Exercise aim: Find every line below with the word "name" in it, and copy each one.

Information shown:
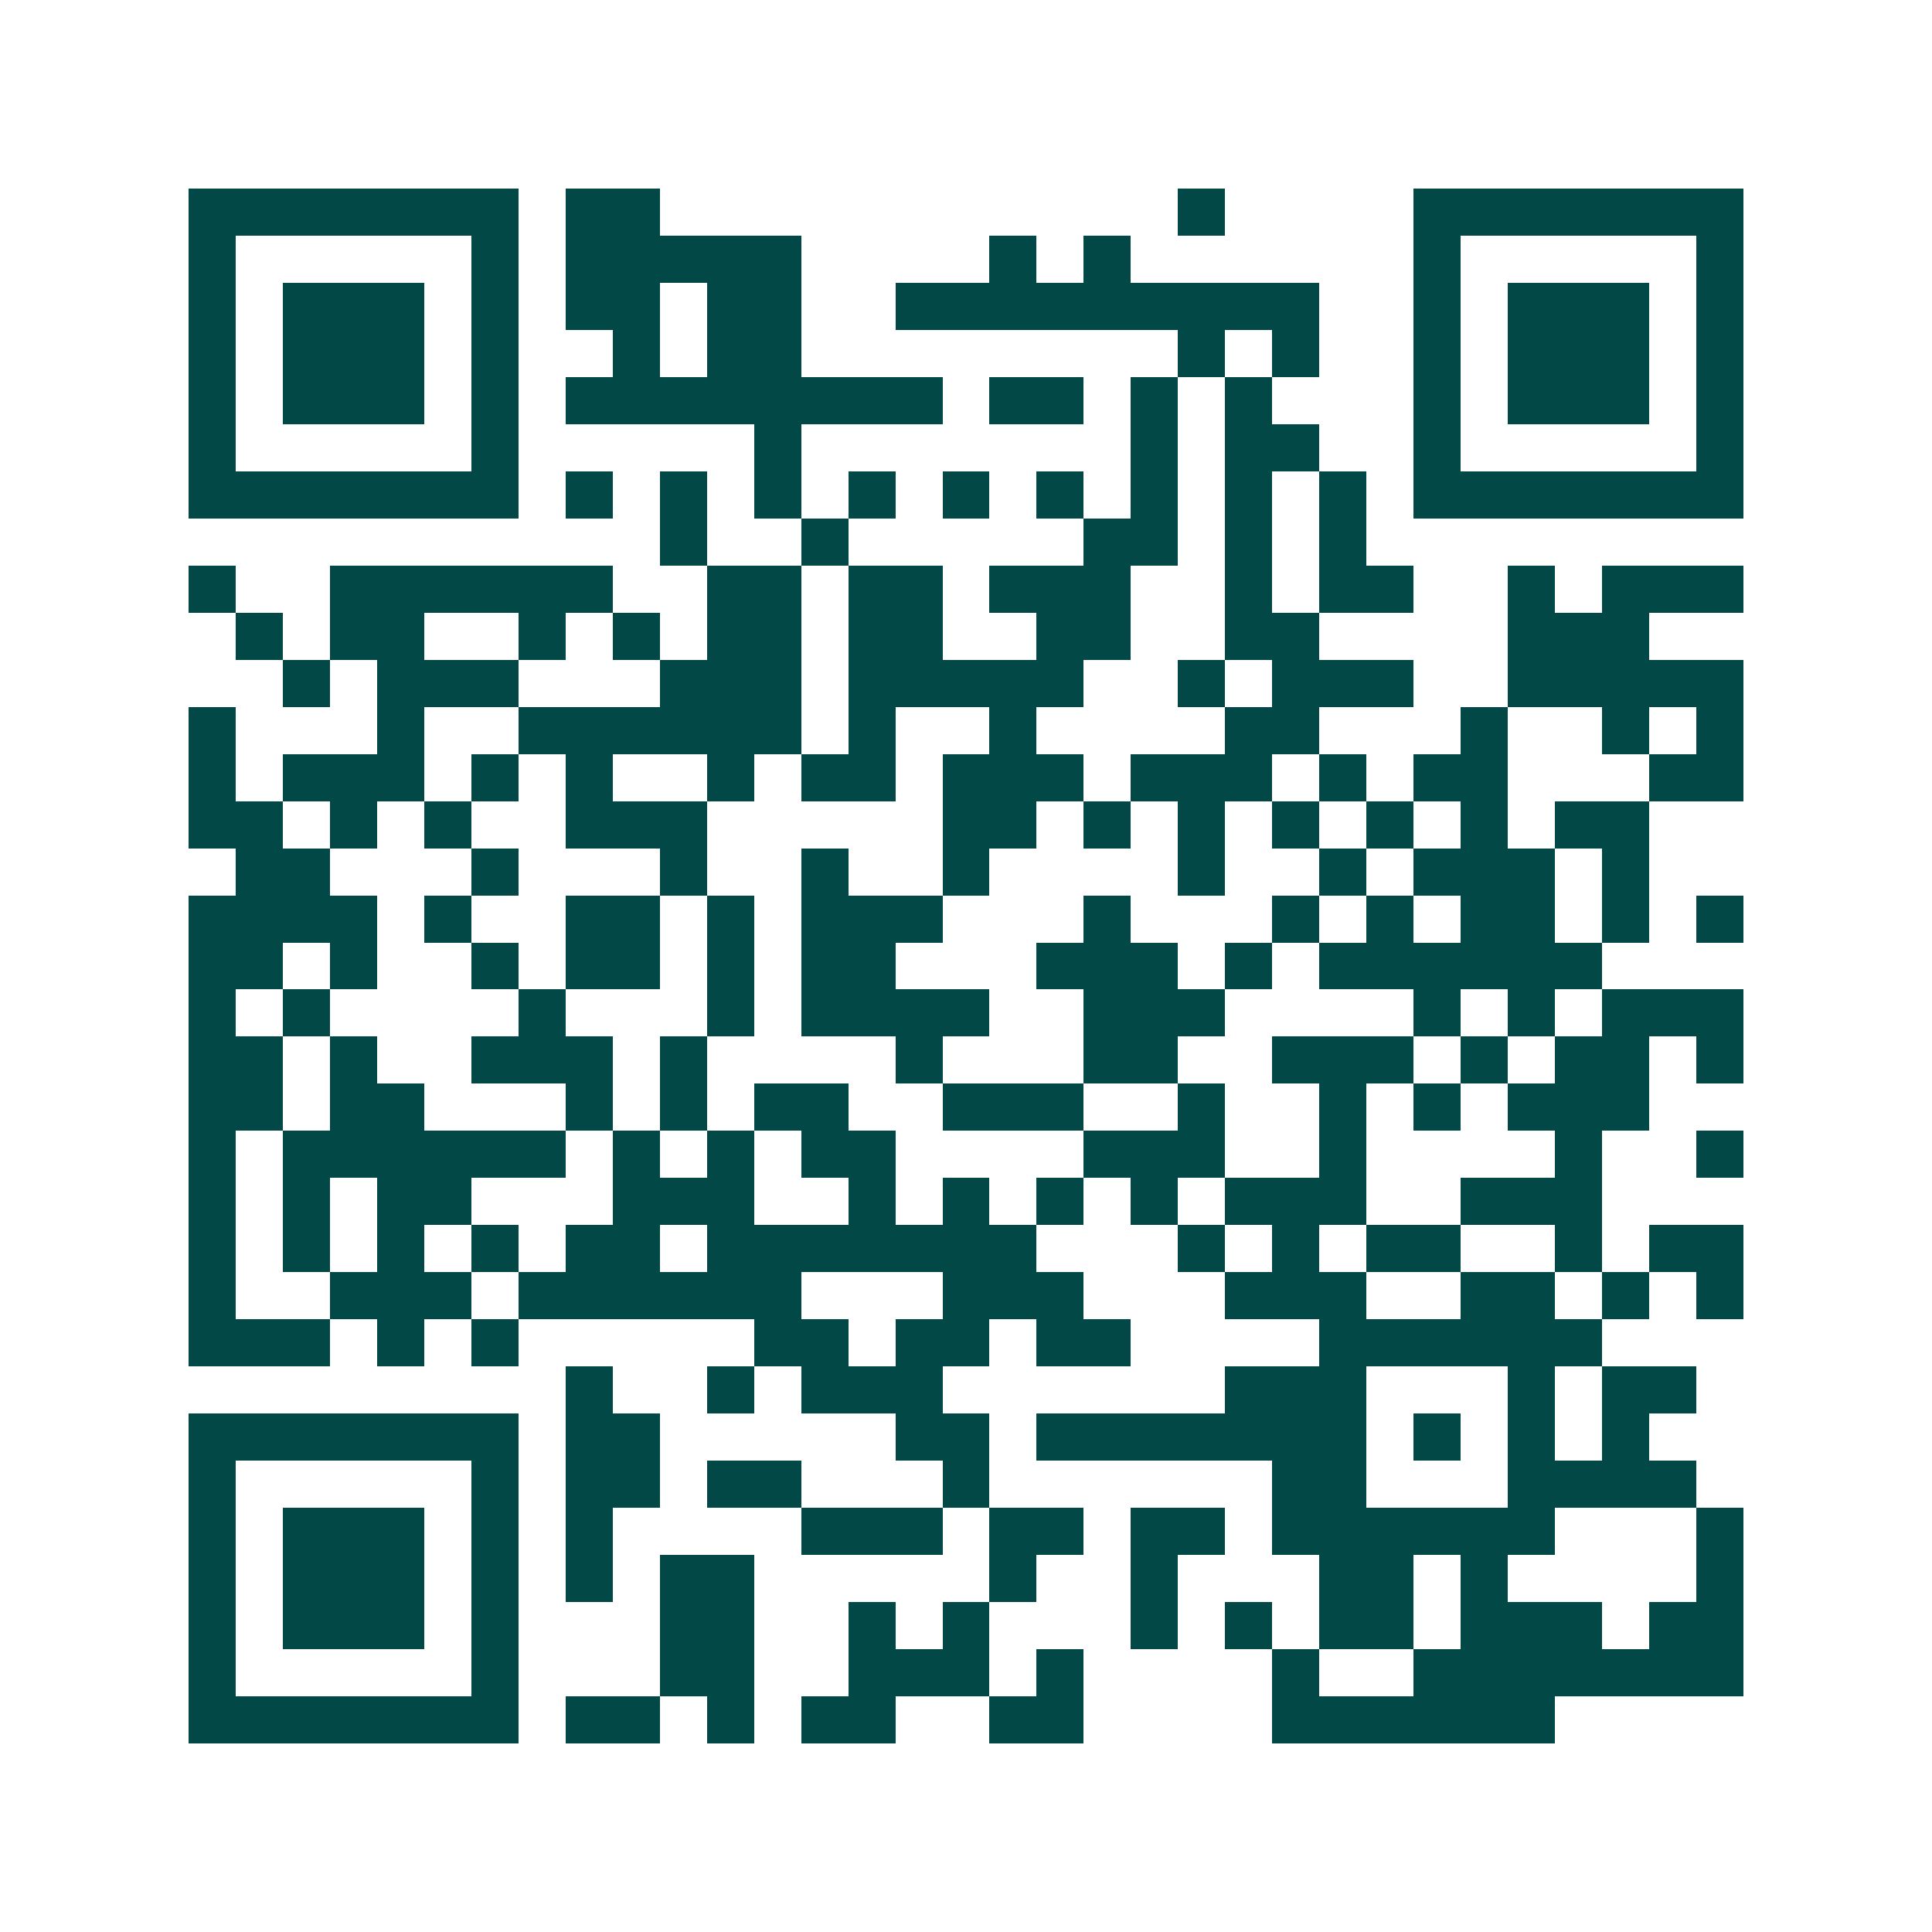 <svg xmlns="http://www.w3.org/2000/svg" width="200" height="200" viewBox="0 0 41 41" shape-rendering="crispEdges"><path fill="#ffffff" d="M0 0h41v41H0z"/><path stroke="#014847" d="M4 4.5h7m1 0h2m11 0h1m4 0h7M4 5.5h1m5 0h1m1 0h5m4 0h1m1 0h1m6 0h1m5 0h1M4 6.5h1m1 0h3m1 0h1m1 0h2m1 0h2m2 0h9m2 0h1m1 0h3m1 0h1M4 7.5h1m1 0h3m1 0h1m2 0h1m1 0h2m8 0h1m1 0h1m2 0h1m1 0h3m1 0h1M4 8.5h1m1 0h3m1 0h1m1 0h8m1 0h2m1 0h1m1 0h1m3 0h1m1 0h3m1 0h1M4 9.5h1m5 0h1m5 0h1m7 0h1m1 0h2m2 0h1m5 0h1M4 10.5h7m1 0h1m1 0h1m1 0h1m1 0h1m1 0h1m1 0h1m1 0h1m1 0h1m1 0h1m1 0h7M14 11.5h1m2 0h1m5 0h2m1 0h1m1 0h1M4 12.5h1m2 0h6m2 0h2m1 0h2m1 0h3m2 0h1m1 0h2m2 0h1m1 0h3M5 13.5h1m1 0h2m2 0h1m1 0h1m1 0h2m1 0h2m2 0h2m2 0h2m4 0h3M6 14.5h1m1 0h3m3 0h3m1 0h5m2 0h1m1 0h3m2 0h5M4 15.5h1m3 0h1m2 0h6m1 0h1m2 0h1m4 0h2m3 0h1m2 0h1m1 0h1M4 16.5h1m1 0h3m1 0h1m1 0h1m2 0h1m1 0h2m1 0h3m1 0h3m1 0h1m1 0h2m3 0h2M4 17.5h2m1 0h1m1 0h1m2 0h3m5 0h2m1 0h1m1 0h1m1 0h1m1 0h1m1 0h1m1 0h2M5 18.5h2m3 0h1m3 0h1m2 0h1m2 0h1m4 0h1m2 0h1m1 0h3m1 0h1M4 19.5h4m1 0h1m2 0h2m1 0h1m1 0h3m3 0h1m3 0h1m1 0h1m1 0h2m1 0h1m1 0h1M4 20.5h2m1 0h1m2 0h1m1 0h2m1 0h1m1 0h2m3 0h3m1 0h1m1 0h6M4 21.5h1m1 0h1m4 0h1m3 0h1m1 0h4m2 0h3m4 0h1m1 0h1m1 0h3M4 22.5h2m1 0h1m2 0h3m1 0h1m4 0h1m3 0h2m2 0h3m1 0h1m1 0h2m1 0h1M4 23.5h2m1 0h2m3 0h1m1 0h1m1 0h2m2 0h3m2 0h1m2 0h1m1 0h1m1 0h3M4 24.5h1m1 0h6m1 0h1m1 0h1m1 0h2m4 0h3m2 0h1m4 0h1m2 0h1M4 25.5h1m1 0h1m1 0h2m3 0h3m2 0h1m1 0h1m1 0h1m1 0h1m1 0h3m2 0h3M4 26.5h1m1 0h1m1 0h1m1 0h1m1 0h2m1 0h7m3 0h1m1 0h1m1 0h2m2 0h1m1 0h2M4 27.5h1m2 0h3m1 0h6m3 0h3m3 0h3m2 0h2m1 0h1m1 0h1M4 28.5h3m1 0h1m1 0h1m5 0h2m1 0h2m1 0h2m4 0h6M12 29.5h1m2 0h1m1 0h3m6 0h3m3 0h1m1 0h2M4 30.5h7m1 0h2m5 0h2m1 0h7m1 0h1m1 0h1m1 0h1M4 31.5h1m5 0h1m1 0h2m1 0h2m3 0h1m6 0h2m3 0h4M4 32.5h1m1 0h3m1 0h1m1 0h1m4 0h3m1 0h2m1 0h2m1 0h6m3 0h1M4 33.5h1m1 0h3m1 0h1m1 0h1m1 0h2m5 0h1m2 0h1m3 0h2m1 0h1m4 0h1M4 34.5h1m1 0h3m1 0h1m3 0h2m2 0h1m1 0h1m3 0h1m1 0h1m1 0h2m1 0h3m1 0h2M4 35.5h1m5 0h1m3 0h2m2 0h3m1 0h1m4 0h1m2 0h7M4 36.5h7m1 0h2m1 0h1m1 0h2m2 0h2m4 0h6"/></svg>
* * *
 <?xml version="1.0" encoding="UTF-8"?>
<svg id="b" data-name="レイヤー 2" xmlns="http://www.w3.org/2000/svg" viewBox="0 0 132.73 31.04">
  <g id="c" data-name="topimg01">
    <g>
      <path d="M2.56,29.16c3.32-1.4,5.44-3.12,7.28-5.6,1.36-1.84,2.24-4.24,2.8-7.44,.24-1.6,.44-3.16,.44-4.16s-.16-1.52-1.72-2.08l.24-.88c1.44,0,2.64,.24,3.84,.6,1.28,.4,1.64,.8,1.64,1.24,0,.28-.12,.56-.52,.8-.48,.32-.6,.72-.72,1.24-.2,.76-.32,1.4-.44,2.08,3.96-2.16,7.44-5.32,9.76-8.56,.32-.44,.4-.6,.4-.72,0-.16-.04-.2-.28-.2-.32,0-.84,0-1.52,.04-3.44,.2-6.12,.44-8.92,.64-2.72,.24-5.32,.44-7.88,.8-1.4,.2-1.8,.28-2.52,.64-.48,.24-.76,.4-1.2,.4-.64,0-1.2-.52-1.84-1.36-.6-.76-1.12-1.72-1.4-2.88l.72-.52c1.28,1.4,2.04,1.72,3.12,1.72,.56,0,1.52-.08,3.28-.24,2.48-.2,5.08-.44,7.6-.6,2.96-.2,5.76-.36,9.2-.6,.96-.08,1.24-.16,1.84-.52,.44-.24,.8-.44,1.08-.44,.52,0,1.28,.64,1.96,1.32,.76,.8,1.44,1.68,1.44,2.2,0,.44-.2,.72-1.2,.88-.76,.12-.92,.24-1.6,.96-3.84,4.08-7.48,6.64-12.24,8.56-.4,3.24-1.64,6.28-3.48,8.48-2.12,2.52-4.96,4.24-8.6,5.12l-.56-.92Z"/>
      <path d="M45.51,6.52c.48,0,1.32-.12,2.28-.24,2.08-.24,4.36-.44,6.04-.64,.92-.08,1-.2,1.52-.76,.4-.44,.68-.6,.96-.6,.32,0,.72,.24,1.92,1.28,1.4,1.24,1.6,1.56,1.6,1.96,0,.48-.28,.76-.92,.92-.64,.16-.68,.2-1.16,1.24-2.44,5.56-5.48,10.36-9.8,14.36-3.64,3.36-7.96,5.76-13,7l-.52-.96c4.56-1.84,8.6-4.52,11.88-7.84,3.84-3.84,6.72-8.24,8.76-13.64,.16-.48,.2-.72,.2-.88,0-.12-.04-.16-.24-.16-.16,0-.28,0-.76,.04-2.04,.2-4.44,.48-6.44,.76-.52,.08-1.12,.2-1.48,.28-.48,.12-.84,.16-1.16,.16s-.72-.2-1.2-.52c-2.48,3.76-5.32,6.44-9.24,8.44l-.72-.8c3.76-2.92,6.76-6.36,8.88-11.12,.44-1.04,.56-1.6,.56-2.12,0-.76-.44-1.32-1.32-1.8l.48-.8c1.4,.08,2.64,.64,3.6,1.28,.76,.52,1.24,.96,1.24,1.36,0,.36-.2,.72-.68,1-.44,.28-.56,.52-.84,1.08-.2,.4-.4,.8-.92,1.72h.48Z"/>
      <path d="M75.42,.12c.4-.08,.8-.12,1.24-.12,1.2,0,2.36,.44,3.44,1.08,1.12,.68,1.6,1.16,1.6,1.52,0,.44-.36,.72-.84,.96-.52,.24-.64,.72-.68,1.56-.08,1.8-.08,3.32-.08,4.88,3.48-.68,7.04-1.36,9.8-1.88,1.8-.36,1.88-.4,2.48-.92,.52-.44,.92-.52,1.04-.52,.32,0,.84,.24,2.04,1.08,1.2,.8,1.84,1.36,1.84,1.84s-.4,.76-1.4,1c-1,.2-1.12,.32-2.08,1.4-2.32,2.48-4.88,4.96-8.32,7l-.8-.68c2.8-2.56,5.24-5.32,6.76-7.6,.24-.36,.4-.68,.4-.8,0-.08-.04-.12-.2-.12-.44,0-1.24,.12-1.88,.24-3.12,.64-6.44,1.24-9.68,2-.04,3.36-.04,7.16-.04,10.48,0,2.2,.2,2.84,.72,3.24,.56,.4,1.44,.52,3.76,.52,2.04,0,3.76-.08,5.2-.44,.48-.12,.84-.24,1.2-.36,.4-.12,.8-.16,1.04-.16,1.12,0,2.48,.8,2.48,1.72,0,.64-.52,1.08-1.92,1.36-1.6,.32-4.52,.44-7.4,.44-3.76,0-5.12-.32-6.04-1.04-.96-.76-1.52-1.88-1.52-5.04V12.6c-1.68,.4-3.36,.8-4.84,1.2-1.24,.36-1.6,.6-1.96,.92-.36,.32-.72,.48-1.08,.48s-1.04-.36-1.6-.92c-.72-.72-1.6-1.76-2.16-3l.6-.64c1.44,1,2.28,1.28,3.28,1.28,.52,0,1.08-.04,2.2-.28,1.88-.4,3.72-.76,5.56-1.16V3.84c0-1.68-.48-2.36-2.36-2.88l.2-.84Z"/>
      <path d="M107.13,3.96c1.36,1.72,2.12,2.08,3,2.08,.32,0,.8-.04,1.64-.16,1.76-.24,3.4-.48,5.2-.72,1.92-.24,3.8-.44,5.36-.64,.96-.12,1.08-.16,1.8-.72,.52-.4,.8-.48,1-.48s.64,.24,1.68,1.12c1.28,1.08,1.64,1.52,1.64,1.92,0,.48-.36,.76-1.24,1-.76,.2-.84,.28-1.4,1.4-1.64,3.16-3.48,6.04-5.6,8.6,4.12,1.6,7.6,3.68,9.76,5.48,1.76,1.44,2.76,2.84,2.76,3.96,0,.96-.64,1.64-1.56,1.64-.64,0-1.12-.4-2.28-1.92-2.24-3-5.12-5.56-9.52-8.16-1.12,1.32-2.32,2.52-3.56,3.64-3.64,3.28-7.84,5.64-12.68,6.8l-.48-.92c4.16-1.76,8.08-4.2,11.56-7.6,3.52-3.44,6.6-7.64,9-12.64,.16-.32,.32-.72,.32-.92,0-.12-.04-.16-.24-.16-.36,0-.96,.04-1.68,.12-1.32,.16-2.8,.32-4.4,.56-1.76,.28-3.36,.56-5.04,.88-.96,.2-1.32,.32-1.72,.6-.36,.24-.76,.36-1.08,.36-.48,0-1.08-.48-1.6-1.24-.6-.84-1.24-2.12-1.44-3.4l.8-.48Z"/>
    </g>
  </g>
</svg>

Written solution:
<svg id="b" data-name="レイヤー 2" xmlns="http://www.w3.org/2000/svg" viewBox="0 0 132.73 31.04">
  <g id="c" data-name="topimg01">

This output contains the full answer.